— WHAT YOU NEED TO DO —
Each entry that follows is to be copied exactly, minus any pictures.

*** Begin section ***

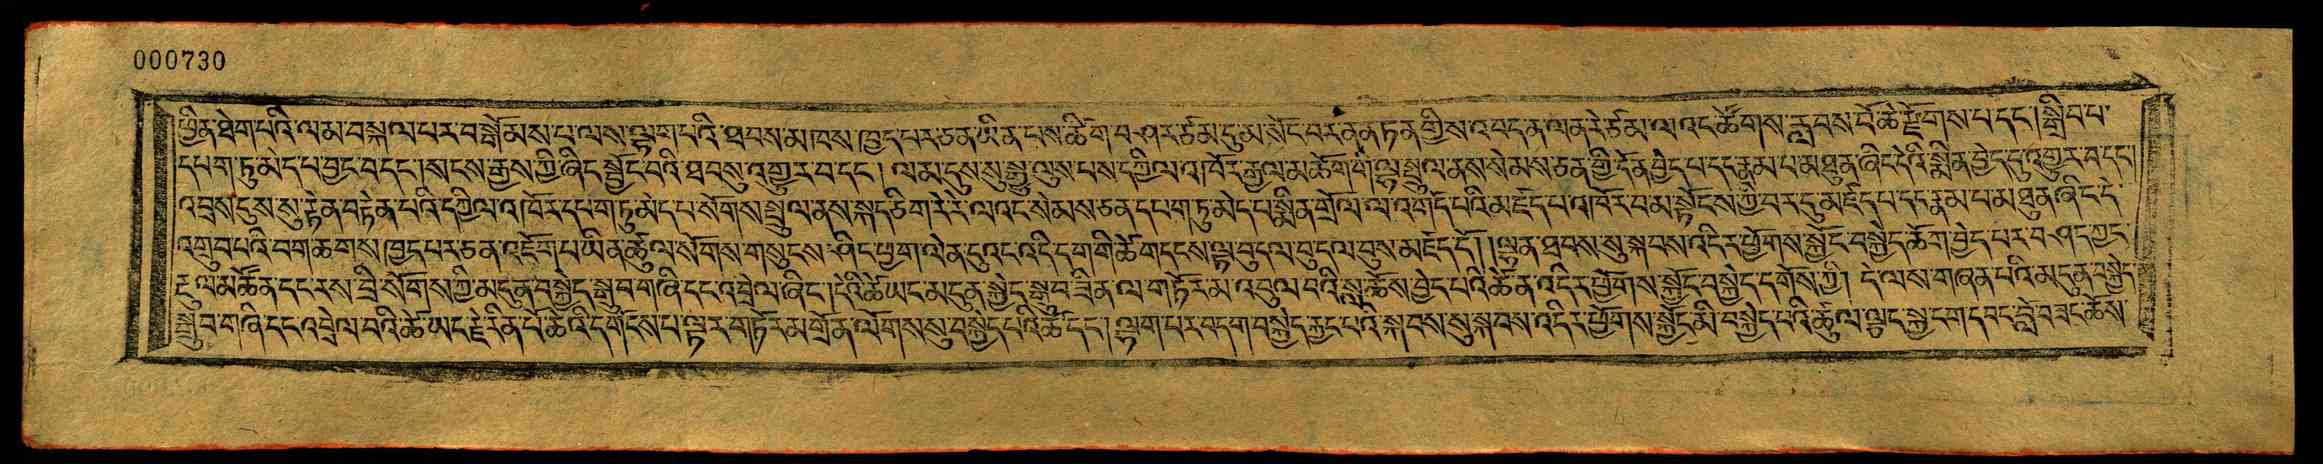ཕྱིན་ཐེག་པའི་ལམ་བསྐལ་བར་བསྒོམས་པ་ལས་ལྷག་པའི་ཐབས་མཁས་ཁྱད་པར་ཅན་ཡིན་པས་ཚིག་བཤར་ཙམ་དུ་མ་སོང་བར་ནན་ཏན་གྱིས་འབད་ན་ལན་རེ་ཙམ་ལའང་ཚོགས་རླབས་པོ་ཆེ་རྫོགས་པ་དང་། སྒྲིབ་པ་
དཔག་ཏུ་མེད་པ་བྱང་བ་དང་། སངས་རྒྱས་ཀྱི་ཞིང་སྦྱོང་བའི་ཐབས་སུ་འགྱུར་བ་དང་། ལམ་དུས་སུ་སྒྱུ་ལུས་པས་དཀྱིལ་འཁོར་རྒྱལ་མཆོག་གི་ལྷ་སྤྲུལ་ནས་སེམས་ཅན་གྱི་དོན་བྱེད་པ་དང་རྣམ་པ་མཐུན་ཞིང་དེའི་སྨིན་བྱེད་དུ་འགྱུར་བ་དང་
འབྲས་དུས་སུ་རྟེན་བརྟེན་པའི་དཀྱིལ་འཁོར་དཔག་ཏུ་མེད་པ་སོགས་སྤྲུལ་ནས་སྐད་ཅིག་རེ་རེ་ལའང་སེམས་ཅན་དཔག་ཏུ་མེད་པ་སྨིན་གྲོལ་ལ་འགོད་པའི་མཛད་པ་འཁོར་བ་མ་སྟོངས་ཀྱི་བར་དུ་མཛད་པ་དང་རྣམ་པ་མཐུན་ཞིང་དེ་
འགྲུབ་པའི་བག་ཆགས་ཁྱད་པར་ཅན་འཇོག་པ་ཡིན་ཚུལ་སོགས་གསུངས་ཤིང་ཕྱག་ལེན་དུའང་འདི་དག་གི་ཚེ་གདངས་ལྟ་བུ་དལ་བུ་དལ་བུས་མཛད་དོ། །ལྷན་ཐབས་སུ་སྐབས་འདིར་ཕྱོགས་སྐྱོང་བསྐྱེད་ཆོག་བྱེད་པར་བཤད་ཀྱང་
རྡུལ་མཚོན་དང་ར་ས་བྲི་སོགས་ཀྱི་མདུན་བསྐྱེད་སྒྲུབ་གཞི་དང་འབྲེལ་ཞིང་། དེའི་ཚེ་ཡང་མདུན་སྐྱེད་སྒྲུབ་ཟིན་ལ་གཏོར་མ་འབུལ་བའི་སླ་ཆོས་བྱེད་པའི་ཚེ་ན་འདིར་ཕྱོགས་སྐྱོང་བསྐྱེད་དགོས་ཀྱི། དེ་ལས་གཞན་པའི་མདུན་བསྐྱེད་
སྒྲུབ་གཞི་དང་འབྲེལ་བའི་ཚེ་ཡང་རྗེ་རིན་པོ་ཆེའི་དགོངས་པ་ལྟར་གཏོར་མགྲོན་ལོགས་སུ་བསྐྱེད་པའི་ཚེ་དང་། ལྷག་པར་བདག་བསྐྱེད་རྐྱང་པའི་སྐབས་སུ་སྐབས་འདིར་ཕྱོགས་སྐྱོང་མི་བསྐྱེད་པའི་ཚུལ་ལྕང་སྐྱ་ངག་དབང་བློ་བཟང་ཆོས་

*** End section ***

— REPLY TO THE EXERCISE —
ཕྱིན་ཐེག་པའི་ལམ་བསྐལ་བར་བསྒོམས་པ་ལས་ལྷག་པའི་ཐབས་མཁས་ཁྱད་པར་ཅན་ཡིན་པས་ཚིག་བཤར་ཙམ་དུ་མ་སོང་བར་ནན་ཏན་གྱིས་འབད་ན་ལན་རེ་ཙམ་ལའང་ཚོགས་རླབས་པོ་ཆེ་རྫོགས་པ་དང་། སྒྲིབ་པ་
དཔག་ཏུ་མེད་པ་བྱང་བ་དང་། སངས་རྒྱས་ཀྱི་ཞིང་སྦྱོང་བའི་ཐབས་སུ་འགྱུར་བ་དང་། ལམ་དུས་སུ་སྒྱུ་ལུས་པས་དཀྱིལ་འཁོར་རྒྱལ་མཆོག་གི་ལྷ་སྤྲུལ་ནས་སེམས་ཅན་གྱི་དོན་བྱེད་པ་དང་རྣམ་པ་མཐུན་ཞིང་དེའི་སྨིན་བྱེད་དུ་འགྱུར་བ་དང་
འབྲས་དུས་སུ་རྟེན་བརྟེན་པའི་དཀྱིལ་འཁོར་དཔག་ཏུ་མེད་པ་སོགས་སྤྲུལ་ནས་སྐད་ཅིག་རེ་རེ་ལའང་སེམས་ཅན་དཔག་ཏུ་མེད་པ་སྨིན་གྲོལ་ལ་འགོད་པའི་མཛད་པ་འཁོར་བ་མ་སྟོངས་ཀྱི་བར་དུ་མཛད་པ་དང་རྣམ་པ་མཐུན་ཞིང་དེ་
འགྲུབ་པའི་བག་ཆགས་ཁྱད་པར་ཅན་འཇོག་པ་ཡིན་ཚུལ་སོགས་གསུངས་ཤིང་ཕྱག་ལེན་དུའང་འདི་དག་གི་ཚེ་གདངས་ལྟ་བུ་དལ་བུ་དལ་བུས་མཛད་དོ། །ལྷན་ཐབས་སུ་སྐབས་འདིར་ཕྱོགས་སྐྱོང་བསྐྱེད་ཆོག་བྱེད་པར་བཤད་ཀྱང་
རྡུལ་མཚོན་དང་ར་ས་བྲི་སོགས་ཀྱི་མདུན་བསྐྱེད་སྒྲུབ་གཞི་དང་འབྲེལ་ཞིང་། དེའི་ཚེ་ཡང་མདུན་སྐྱེད་སྒྲུབ་ཟིན་ལ་གཏོར་མ་འབུལ་བའི་སླ་ཆོས་བྱེད་པའི་ཚེ་ན་འདིར་ཕྱོགས་སྐྱོང་བསྐྱེད་དགོས་ཀྱི། དེ་ལས་གཞན་པའི་མདུན་བསྐྱེད་
སྒྲུབ་གཞི་དང་འབྲེལ་བའི་ཚེ་ཡང་རྗེ་རིན་པོ་ཆེའི་དགོངས་པ་ལྟར་གཏོར་མགྲོན་ལོགས་སུ་བསྐྱེད་པའི་ཚེ་དང་། ལྷག་པར་བདག་བསྐྱེད་རྐྱང་པའི་སྐབས་སུ་སྐབས་འདིར་ཕྱོགས་སྐྱོང་མི་བསྐྱེད་པའི་ཚུལ་ལྕང་སྐྱ་ངག་དབང་བློ་བཟང་ཆོས་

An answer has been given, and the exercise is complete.